Ver, por ejemplo, en la cúspide del mando y sin ganas de entregarlo, después de siete años, al jovencito que tomaba posesión de la alcaldía de Medellín cualquier día de octubre de 1982. Uribe se ha visto siempre con cara infantil, imaginémoslo de 29 años. Escasos cinco meses duró como alcalde, removido como fue por el presidente Betancur, en lo que se presentó como una crisis burocrática corriente.

Ver a Noemí Sanín, antes gerente de Corporación de Ahorros en Chapinero y, en este momento, varias veces candidata presidencial, canciller y ministra de variados gobiernos. Hoy más joven que ayer. Ver al senador Chuzo, antes dispuesto a puyar a los corruptos, hoy presidente del Congreso de la República, sin más comentarios.

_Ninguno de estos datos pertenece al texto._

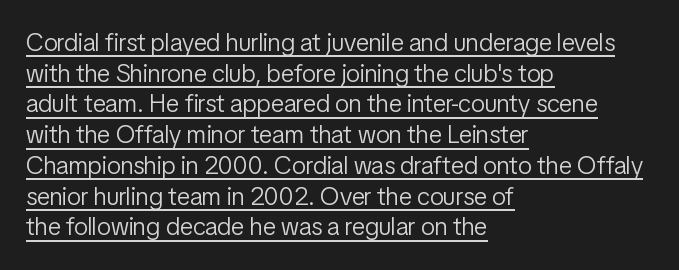
{"italic": "no", "bold": "no", "underline": "yes", "align": "left", "line_spacing_ratio": 1.23, "letter_spacing": "normal", "letter_spacing_em": 0.0, "glyph_px": 25}
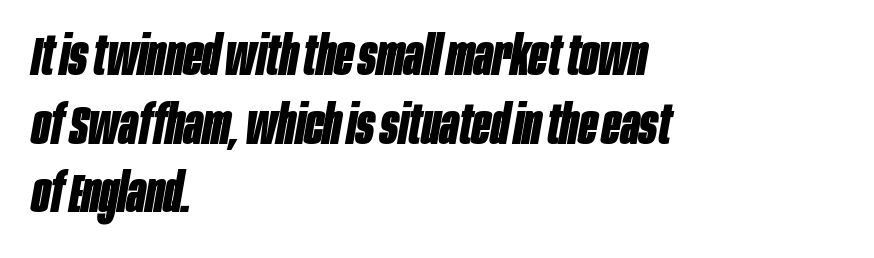
The image shows 54 px bold, condensed type, italic (leaning right); set left-aligned, normal line spacing (1.27x), normal letter spacing, not underlined; low stroke contrast and a large x-height.
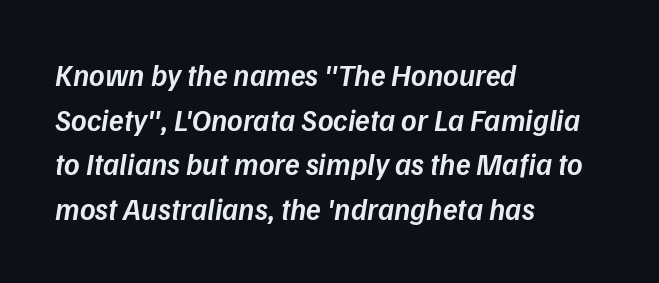
Q: Is the text bold? A: Semi-bold.
Q: Is the text italic (slanted)? A: Yes, it leans right by about 9 degrees.
Q: Is the text underlined? A: No.
Q: How is the paragraph aligned? A: Left-aligned.
Q: Is the spacing between letters normal or unusually wide? A: Normal.
Q: Is the spacing between lines tight, normal or loose? A: Normal.
Q: Width (condensed, normal, or wide)? A: Normal.
Q: Stroke contrast? A: Low.
Q: x-height? A: Medium.
Q: Monospaced? A: No.
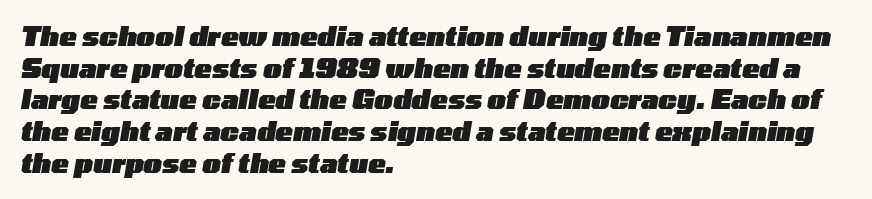
{"italic": "yes", "lean": "right", "slant_degrees": 10, "bold": "yes", "underline": "no", "align": "left", "line_spacing_ratio": 1.22, "letter_spacing": "normal", "letter_spacing_em": 0.0, "glyph_px": 26}
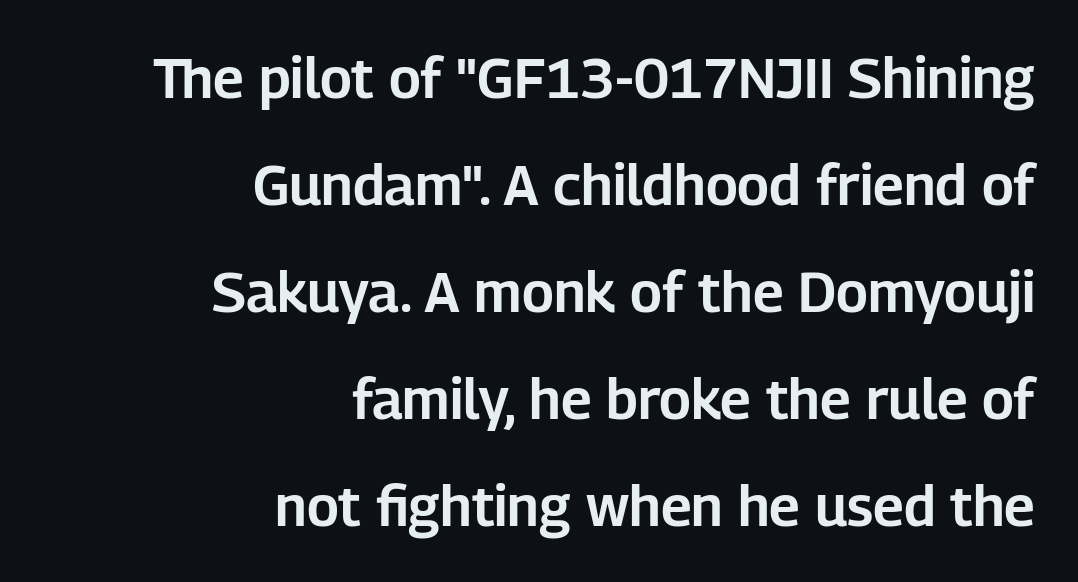
{"serif": "no", "italic": "no", "width": "normal", "stroke_contrast": "low", "x_height": "medium", "monospaced": "no", "underline": "no", "align": "right", "line_spacing": "loose", "line_spacing_ratio": 1.91, "letter_spacing": "normal", "letter_spacing_em": 0.0, "glyph_px": 56}
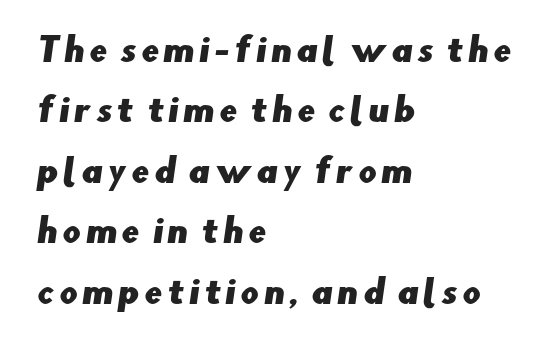
Q: Is the typeface a serif or a sans-serif typeface? A: Sans-serif.
Q: Is the text underlined? A: No.
Q: How is the paragraph aligned? A: Left-aligned.
Q: Width (condensed, normal, or wide)? A: Normal.
Q: Stroke contrast? A: Low.
Q: x-height? A: Small.
Q: Monospaced? A: No.
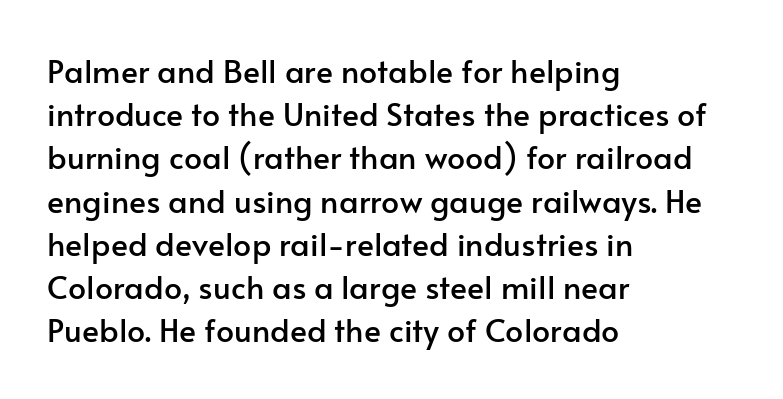
The image shows 32 px sans-serif type, upright; set left-aligned, normal line spacing (1.35x), normal letter spacing, not underlined; low stroke contrast and a small x-height.
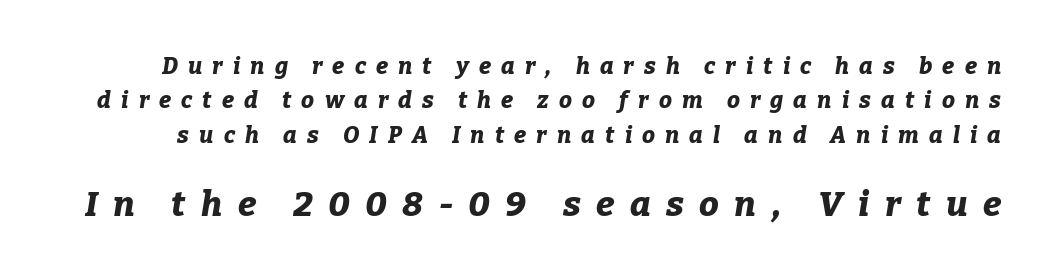
There is plenty of visible air inserted between adjacent glyphs. Notice how descenders clear the ascenders below comfortably — that's standard leading. This rendering features lettering with no underline. Do the characters align in a grid? No, the font is proportional. The strokes are fattened all the way to bold.
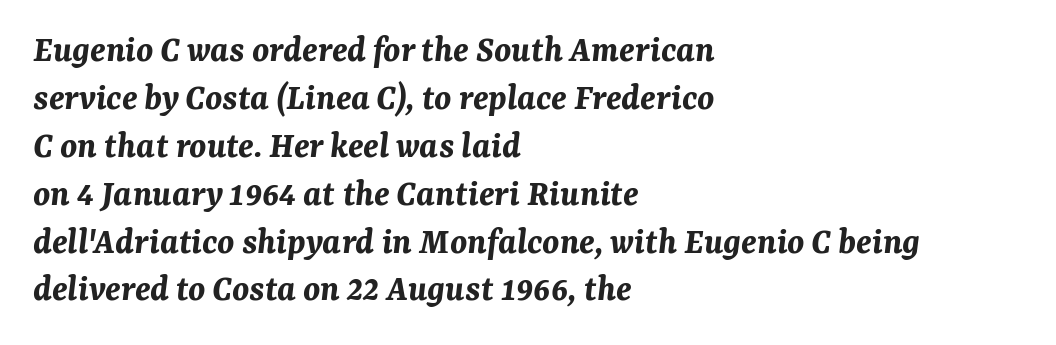
{"italic": "yes", "lean": "right", "slant_degrees": 7, "bold": "yes", "weight": "bold", "width": "normal", "stroke_contrast": "medium", "x_height": "medium", "monospaced": "no", "underline": "no", "align": "left", "line_spacing": "normal", "line_spacing_ratio": 1.26, "letter_spacing": "normal", "letter_spacing_em": 0.0, "glyph_px": 38}
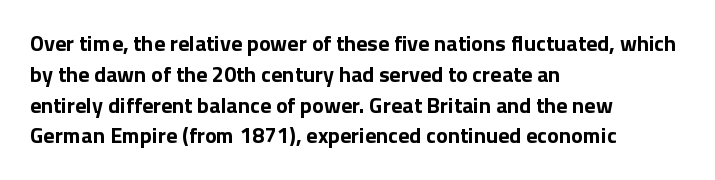
The image shows 22 px bold type, upright; set left-aligned, normal line spacing (1.4x), normal letter spacing, not underlined.
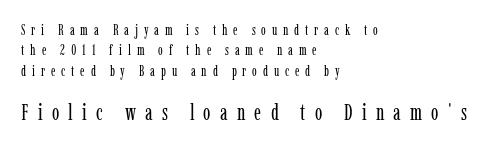
Q: Is the text bold? A: No.
Q: Is the text italic (slanted)? A: No, it is upright.
Q: Is the text underlined? A: No.
Q: How is the paragraph aligned? A: Left-aligned.
Q: Is the spacing between letters normal or unusually wide? A: Unusually wide.
Q: Is the spacing between lines tight, normal or loose? A: Normal.
Q: Which block of text is set in a larger size, the first (top) or the second (bottom)? A: The second (bottom) one.
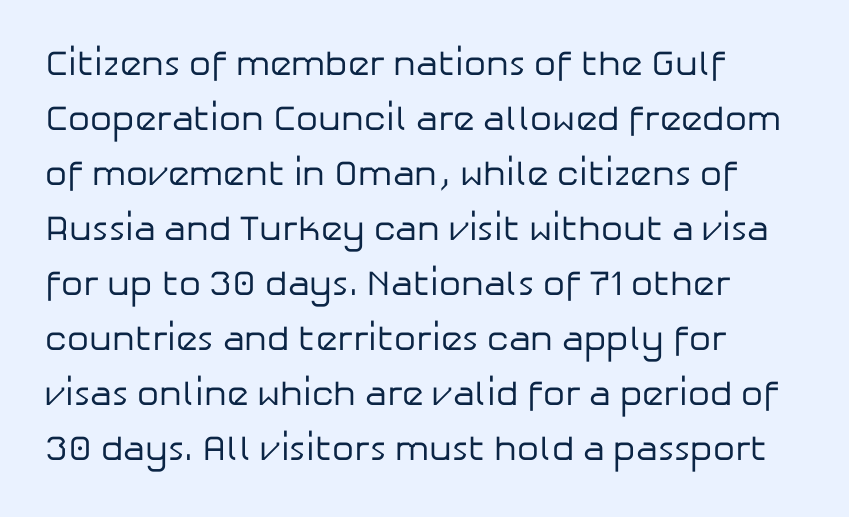
Q: Is the text bold? A: No.
Q: Is the text italic (slanted)? A: No, it is upright.
Q: Is the typeface a serif or a sans-serif typeface? A: Sans-serif.
Q: Is the text underlined? A: No.
Q: How is the paragraph aligned? A: Left-aligned.
Q: Is the spacing between letters normal or unusually wide? A: Normal.
Q: Is the spacing between lines tight, normal or loose? A: Normal.
Q: Width (condensed, normal, or wide)? A: Normal.
Q: Stroke contrast? A: Low.
Q: x-height? A: Medium.
Q: Monospaced? A: No.
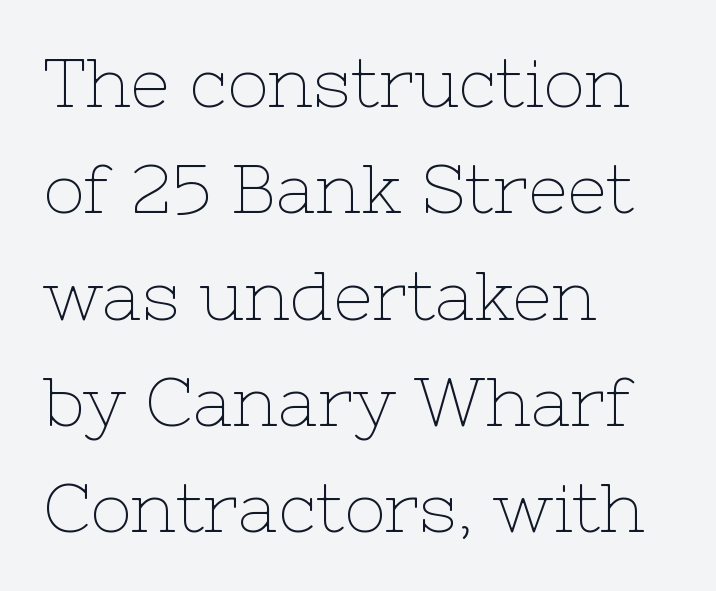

Ver a Fabio Valencia Cossio, ayer liándose a trompadas con un jefe liberal de Antioquia, en la propia Registraduría de Medellín y hoy ministro del Interior de ese mismo jefe, a quien, por todos los medios, quiere perpetuar en el poder. Recuerdo haber subido con él a una “bola”, como se les decía a las camionetas panel, el día luctuoso en que dejamos el cuerpo de nuestro amigo Lara en los Jardines del Paraíso, en Neiva. Su traje blanco, arrugado por el calor, el cabello negro, la piel batallada.

Ver hace muy poco al ex ministro Arias, “Uribito”, irrumpir en la política “de las grandes ligas”, situándose por cuenta propia como aspirante presidencial de primera línea y hoy tremendamente lastimado en su prestigio, por culpa de aquel criterio de privilegiar con dinero a los ricos para que les den trabajo a los pobres, algo parecido o lo mismo que se llamó hace algunos años el desarrollismo.

Vivir para ver. Ver a un hombre de raza negra ocupar la Casa Blanca, antes un chico de afro en Honolulu; hoy, además, premio Nobel de Paz, más que todo por la complacencia (y esperanza) con que lo recibió el mundo y por sus postulados de concertación y tolerancia. Paradójico, pero no es el primer Nobel que recibe la distinción, mientras está comandando algunas guerras heredadas.

No era fácil imaginar tampoco a Piedad, la nuestra, ayer combatida y vejada, hoy finalista del Nobel. Émulo inesperado y poderoso le quitó la distinción internacional. Posiblemente pudo asustar a Oslo verla tan cercana a un vecino de su país, guerrerista y vulgar.